Foi Eugênio quem decidiu dar explicação a respeito:
— Cada um de nós recebeu esta missão. Tal ponto é primordial para que se entenda o nosso empenho em realizar um bom serviço. Vocês sete estão sendo encaminhados para a descoberta preliminar das vocações, tendo em vista...
Hesitou na conceituação dos méritos e deméritos da derradeira romagem terrena. Mas prosseguiu:
— ... as qualidades de que se deixaram impregnar nos últimos tempos. Por exemplo, não é difícil de reconhecer, na demonstração inconsciente dos desejos de Alfredo e de Arnaldo, a vontade de permanecerem trabalhando conosco. Ocorre, contudo, que temem não estarem cumprindo a missão que se impuseram de defesa do grupo despreparado para o enfrentamento de certas ondas de maldade que perpassam pelas zonas umbráticas por onde deveriam caminhar. Se aceitarem um palpite fundamentado na minha experiência de guardião e de instrutor, devem confiar em que os demais irão defender-se muito bem, não apenas porque adquiriram conhecimentos e virtudes, como têm para si a ajuda dos amigos que estagiam em plano superior.
Foi Joaquim quem pegou o ponto do fio da conversa:
— De algum tempo para cá, venho notando que todos nós estamos afastando-nos uns dos outros, adquirindo interesses diversificados. Não são só os dois da tonsura que pretendem ficar pela face do planeta. Também Roberto e Everaldo manifestam íntimos anseios de se encontrarem com os parentes muito queridos. Quanto a mim, acompanharei Deodoro sem problema. Penso que Hermógenes também. Então, que resolvam a respeito da melhor decisão os que se encontram titubeantes.
Everaldo, tendo consultado mentalmente Roberto, sugeriu:
— Talvez, pela coesão que nos manteve unidos até agora, acho que deveríamos votar o destino do grupo, enquanto força conjunta a caminhar com segurança, tanto que jamais nos vimos em situação de perigo, ainda que de penúria tenham sido muitas travessias sem definição exata dos objetivos. Falo com conhecimento de causa, porquanto ninguém mais do que eu esteve temeroso de encontrar-se com os inimigos de outrora. Sei, finalmente, que, se precisar dos parceiros e guardiães, bastará lançar ao espaço um pedido de socorro, que comparecerão de imediato ou enviarão um contigente de milicianos para a proteção requerida.

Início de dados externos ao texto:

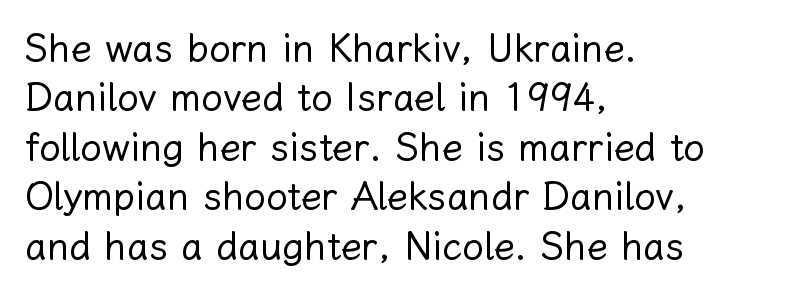
Q: Is the text bold? A: No.
Q: Is the text italic (slanted)? A: No, it is upright.
Q: Is the text underlined? A: No.
Q: How is the paragraph aligned? A: Left-aligned.
Q: Is the spacing between letters normal or unusually wide? A: Normal.
Q: Is the spacing between lines tight, normal or loose? A: Normal.
Q: Width (condensed, normal, or wide)? A: Normal.
Q: Stroke contrast? A: Low.
Q: x-height? A: Medium.
Q: Monospaced? A: No.
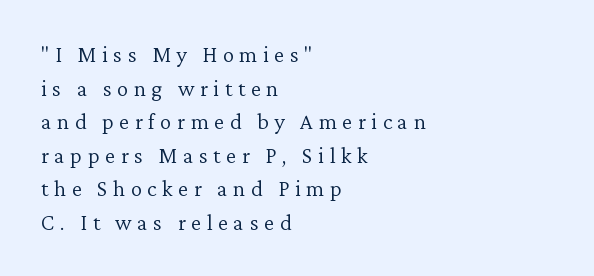
Does the leading feel generous? No, just average. It's the straight-up-and-down kind of type. The cut favours lightness, reaching ordinary text weight at its darkest. Characters follow at a spacing far wider than the type designer built in. Just letters on the line, the space beneath them empty.

Tomé pediu licença para acrescentar:
— Vou fornecer-lhe um pequeno instrumento eletrônico, uma espécie de rádio cuja extensão de ondas está ligada ao centro de atendimento de emergência da colônia, que, acionado, revelará de pronto onde se situa o irmão em perigo, desencadeando o sistema de socorro que atingirá qualquer ponto do hemisfério em dois ou três segundos, no máximo.
Deodoro solicitou um esclarecimento:
— Quer dizer que o “apito” não irá funcionar se passarmos para o outro lado do planeta?
Tomé brincou:
— É ver para crer, meu caro!
Aproveitando o momentâneo clima de descontração, Joaquim definiu as diretrizes para as deliberações de cada qual:
— Vamos realizar a proeza da separação, erigindo a vontade de cada sacerdote (ou já poderia chamar de “irmão”, à maneira dos espíritas?)...
— Chame de “fratello”, de “hermano”, de “brother”, de “frère”, de “frater”, que todas estas palavras também são usadas nos mosteiros e conventos. — Informou Deodoro.
Mas Joaquim não se perturbou:
— Pois bem, vamos fazer prevalecer a vontade de cada um, com a sublime condição do reconhecimento do desacerto, se alguém se sentir ao desamparo, em crise de consciência ou com sentimento de culpa, o que deverá redundar em solicitação de agrupamento.
Hermógenes concordou:
— Bem ponderado, preclaro amigo, principalmente porque você, Deodoro e eu seguiremos juntos. Nada a opor.